§ THE TASK: Transcribe the entries below without alteration.

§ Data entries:
========================================

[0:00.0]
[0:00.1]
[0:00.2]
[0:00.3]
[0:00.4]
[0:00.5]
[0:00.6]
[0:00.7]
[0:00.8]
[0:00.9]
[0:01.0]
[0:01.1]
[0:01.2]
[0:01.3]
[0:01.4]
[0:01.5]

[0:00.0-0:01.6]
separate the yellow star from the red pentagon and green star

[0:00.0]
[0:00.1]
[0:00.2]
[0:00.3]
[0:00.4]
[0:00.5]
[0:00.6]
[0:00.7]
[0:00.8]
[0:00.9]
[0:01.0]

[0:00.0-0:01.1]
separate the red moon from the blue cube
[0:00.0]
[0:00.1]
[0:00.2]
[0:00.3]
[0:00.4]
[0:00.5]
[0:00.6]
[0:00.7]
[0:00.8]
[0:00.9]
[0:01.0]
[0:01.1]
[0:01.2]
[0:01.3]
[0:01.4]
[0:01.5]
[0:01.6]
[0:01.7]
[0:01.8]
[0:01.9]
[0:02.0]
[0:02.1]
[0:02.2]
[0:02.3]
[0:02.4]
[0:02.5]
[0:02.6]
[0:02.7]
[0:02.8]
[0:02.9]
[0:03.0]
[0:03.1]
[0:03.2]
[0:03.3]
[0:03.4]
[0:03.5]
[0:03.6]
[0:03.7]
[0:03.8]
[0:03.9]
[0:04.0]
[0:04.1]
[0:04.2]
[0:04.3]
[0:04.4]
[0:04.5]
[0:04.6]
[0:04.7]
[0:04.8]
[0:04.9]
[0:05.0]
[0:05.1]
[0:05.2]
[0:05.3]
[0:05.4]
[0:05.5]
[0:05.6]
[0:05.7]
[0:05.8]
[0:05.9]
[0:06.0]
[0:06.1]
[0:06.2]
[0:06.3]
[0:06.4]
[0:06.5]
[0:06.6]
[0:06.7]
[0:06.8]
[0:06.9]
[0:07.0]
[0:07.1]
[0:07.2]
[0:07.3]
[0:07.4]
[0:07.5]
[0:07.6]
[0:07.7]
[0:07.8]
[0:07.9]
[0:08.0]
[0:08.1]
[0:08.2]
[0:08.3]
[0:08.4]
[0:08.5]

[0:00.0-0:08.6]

========================================

§ ANSWER FOR THIS EXERCISE:
[0:00.0]
[0:00.1]
[0:00.2]
[0:00.3]
[0:00.4]
[0:00.5]
[0:00.6]
[0:00.7]
[0:00.8]
[0:00.9]
[0:01.0]
[0:01.1]
[0:01.2]
[0:01.3]
[0:01.4]
[0:01.5]

[0:00.0-0:01.6]
separate the yellow star from the red pentagon and green star

[0:00.0]
[0:00.1]
[0:00.2]
[0:00.3]
[0:00.4]
[0:00.5]
[0:00.6]
[0:00.7]
[0:00.8]
[0:00.9]
[0:01.0]

[0:00.0-0:01.1]
separate the red moon from the blue cube
[0:00.0]
[0:00.1]
[0:00.2]
[0:00.3]
[0:00.4]
[0:00.5]
[0:00.6]
[0:00.7]
[0:00.8]
[0:00.9]
[0:01.0]
[0:01.1]
[0:01.2]
[0:01.3]
[0:01.4]
[0:01.5]
[0:01.6]
[0:01.7]
[0:01.8]
[0:01.9]
[0:02.0]
[0:02.1]
[0:02.2]
[0:02.3]
[0:02.4]
[0:02.5]
[0:02.6]
[0:02.7]
[0:02.8]
[0:02.9]
[0:03.0]
[0:03.1]
[0:03.2]
[0:03.3]
[0:03.4]
[0:03.5]
[0:03.6]
[0:03.7]
[0:03.8]
[0:03.9]
[0:04.0]
[0:04.1]
[0:04.2]
[0:04.3]
[0:04.4]
[0:04.5]
[0:04.6]
[0:04.7]
[0:04.8]
[0:04.9]
[0:05.0]
[0:05.1]
[0:05.2]
[0:05.3]
[0:05.4]
[0:05.5]
[0:05.6]
[0:05.7]
[0:05.8]
[0:05.9]
[0:06.0]
[0:06.1]
[0:06.2]
[0:06.3]
[0:06.4]
[0:06.5]
[0:06.6]
[0:06.7]
[0:06.8]
[0:06.9]
[0:07.0]
[0:07.1]
[0:07.2]
[0:07.3]
[0:07.4]
[0:07.5]
[0:07.6]
[0:07.7]
[0:07.8]
[0:07.9]
[0:08.0]
[0:08.1]
[0:08.2]
[0:08.3]
[0:08.4]
[0:08.5]

[0:00.0-0:08.6]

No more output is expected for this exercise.